The application is for orders that the garnishee Order Nisi vide MA No. 031 of 2016 be set aside, stayed, vacated and orders for the restitution of the Applicant’s bank account be made and costs of the application.
The Respondent sued the Applicant in High Court Miscellaneous Application No. 14 of 2011 challenging his interdiction. The application was heard inter parties and the court ordered that the Respondent be paid his arrears. Since no payments were made to the Respondent, he obtained a garnishee order nisi exparte attaching the applicant’s account. It is these orders the Applicant seeks to set aside.

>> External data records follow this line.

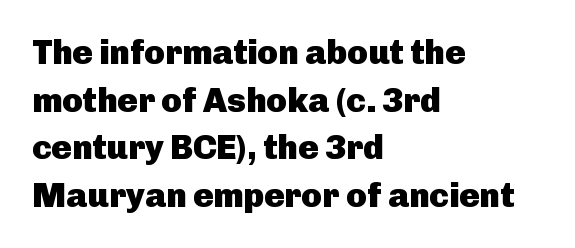
{"serif": "no", "italic": "no", "bold": "yes", "weight": "heavy", "width": "normal", "stroke_contrast": "low", "x_height": "medium", "monospaced": "no", "underline": "no", "align": "left", "line_spacing": "normal", "line_spacing_ratio": 1.4, "letter_spacing": "normal", "letter_spacing_em": 0.0, "glyph_px": 34}
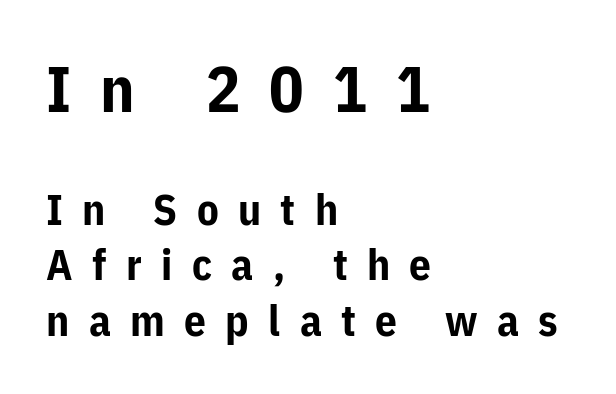
You get the large type first, then a drop to smaller type. Nope, not italic — everything's standing straight. Its strokes are broad and dark, the hallmark of bold type. The letters carry no serifs — their stems end cleanly without finishing strokes. The paragraph has a hard left edge and a soft right edge. Does extra space separate the letters? Yes, quite a lot of it.
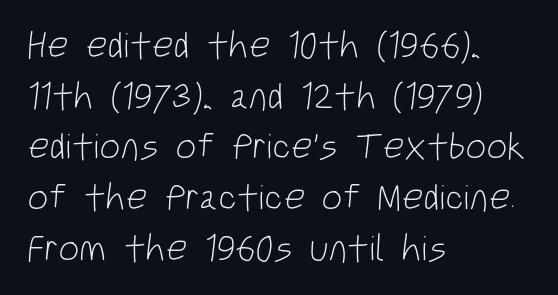
{"serif": "no", "bold": "no", "weight": "light", "width": "condensed", "stroke_contrast": "low", "x_height": "large", "monospaced": "no", "underline": "no", "align": "left", "line_spacing": "normal", "line_spacing_ratio": 1.37, "letter_spacing": "normal", "letter_spacing_em": 0.0, "glyph_px": 37}
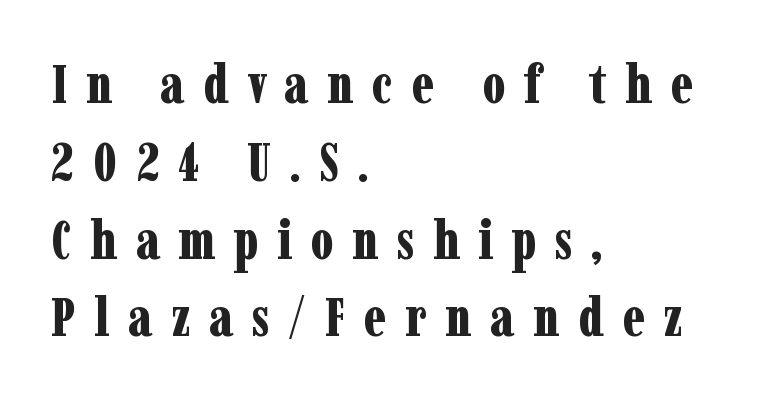
The image shows 54 px bold, condensed serif type, upright; set left-aligned, normal line spacing (1.44x), unusually wide letter spacing (+0.34 em), not underlined; low stroke contrast and a medium x-height.
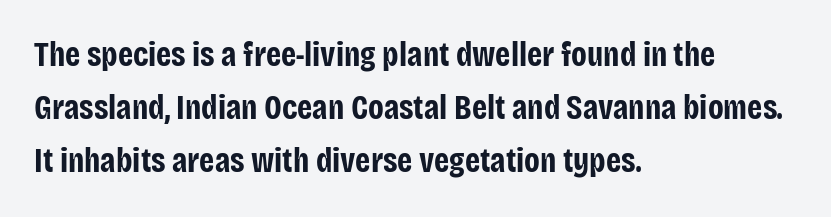
{"serif": "no", "italic": "no", "bold": "yes", "weight": "bold", "width": "condensed", "stroke_contrast": "low", "x_height": "large", "monospaced": "no", "underline": "no", "align": "left", "line_spacing": "normal", "line_spacing_ratio": 1.56, "letter_spacing": "normal", "letter_spacing_em": 0.0, "glyph_px": 34}

The application is supported by the affidavit of Mr. Tweheyo Batega the Applicant’s then Deputy Chief Administrative Officer and supplementary affidavit of Dr. Mucunguzi William the Applicant’s District Health Officer and the grounds are;
- That the Respondent was sometime back interdicted, but later the interdiction was lifted shortly.
- That the Respondent herein had previously filed an application for judicial review which was granted.
- That Court in the above application ordered that the Respondent’s salaries and dues be paid and reinstated.
- That the Respondent has never come to fill the relevant pay change forms as required by and the two parties have never agreed to part ways amicably.
- That the Respondent had recently applied for garnishee proceedings exparte in issue herein, at the back of and without the knowledge of the Applicant herein, in total bad faith, prematurely, irregularly and in breach of the governing laws.
- That the Respondent had secured garnishee orders nisi exparte, based on garnishee proceedings that were premised on misrepresentation, connivance and illegalities at law, which cannot be condoned.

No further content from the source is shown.